Just as he did in his run for city council, Matis won the primary and the general election in the County Commissioner’s race. Still, it was a surprise to him when he was chosen by his cohorts on the board to be the vice-chair.
“It was the first time anyone who was newly elected was asked to take a leadership role,” Matis said. “Both parties approved my appointment.”

In 2015, Matis decided to throw his hat in the ring for the vacancy left by Judge Nichols’ retirement after he consulted with friends, family and colleagues.

“I talked with friends and judges I knew. They thought I would make a good judge, so I took their advice.” Matis said.

“The call from Governor Snyder informing me that I’d been appointed to the bench was probably one of the first times in my life I have been speechless,” Matis said. “This is an incredible opportunity to serve the people of Oakland County, and the perfect merger of my love for the law and for public service.”

Unlike his last two elected positions, Matis’s assignment to the Family Law Division of the Circuit Court puts him in direct contact with at-risk parents and children.

“I’ve seen cases where people with tremendous drug and alcohol problems have had to make decisions that were right for their kids.
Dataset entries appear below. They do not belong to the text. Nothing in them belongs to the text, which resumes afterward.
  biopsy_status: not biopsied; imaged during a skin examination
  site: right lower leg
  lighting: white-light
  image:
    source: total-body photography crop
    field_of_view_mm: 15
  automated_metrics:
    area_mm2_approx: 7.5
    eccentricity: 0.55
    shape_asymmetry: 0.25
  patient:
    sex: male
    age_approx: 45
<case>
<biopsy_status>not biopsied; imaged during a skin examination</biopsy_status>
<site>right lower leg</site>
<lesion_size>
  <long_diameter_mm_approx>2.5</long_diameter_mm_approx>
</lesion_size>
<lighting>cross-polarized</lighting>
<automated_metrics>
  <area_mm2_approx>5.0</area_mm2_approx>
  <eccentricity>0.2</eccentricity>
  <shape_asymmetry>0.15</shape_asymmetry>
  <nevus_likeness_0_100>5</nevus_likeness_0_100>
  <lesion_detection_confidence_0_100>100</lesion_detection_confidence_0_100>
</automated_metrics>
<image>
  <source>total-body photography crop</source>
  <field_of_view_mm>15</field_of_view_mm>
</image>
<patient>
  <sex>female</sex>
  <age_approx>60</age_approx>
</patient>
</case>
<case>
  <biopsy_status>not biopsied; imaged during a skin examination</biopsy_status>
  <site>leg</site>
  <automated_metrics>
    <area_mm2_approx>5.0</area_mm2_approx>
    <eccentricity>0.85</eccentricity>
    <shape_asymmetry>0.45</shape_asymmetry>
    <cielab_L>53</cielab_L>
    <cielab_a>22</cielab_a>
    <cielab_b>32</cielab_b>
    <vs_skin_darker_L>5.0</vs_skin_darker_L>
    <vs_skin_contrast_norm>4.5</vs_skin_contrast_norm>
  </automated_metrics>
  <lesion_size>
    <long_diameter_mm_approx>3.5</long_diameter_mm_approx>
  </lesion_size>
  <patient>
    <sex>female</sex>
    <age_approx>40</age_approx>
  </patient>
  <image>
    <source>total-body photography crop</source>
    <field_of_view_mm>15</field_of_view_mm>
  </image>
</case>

Sometimes that means terminating parental rights,” Matis said. “I’ve also seen cases where people have changed their paths and corrected their bad circumstances in order to be reunited with their kids. That’s very good to see.”

Having served the community from three distinct platforms in the past nine years, Matis is concentrating on the task at hand.  Asked if this was his last job as a public servant, Matis said, “I don’t know. Right now I am focused on being the best judge I can be. I am just happy to be here.”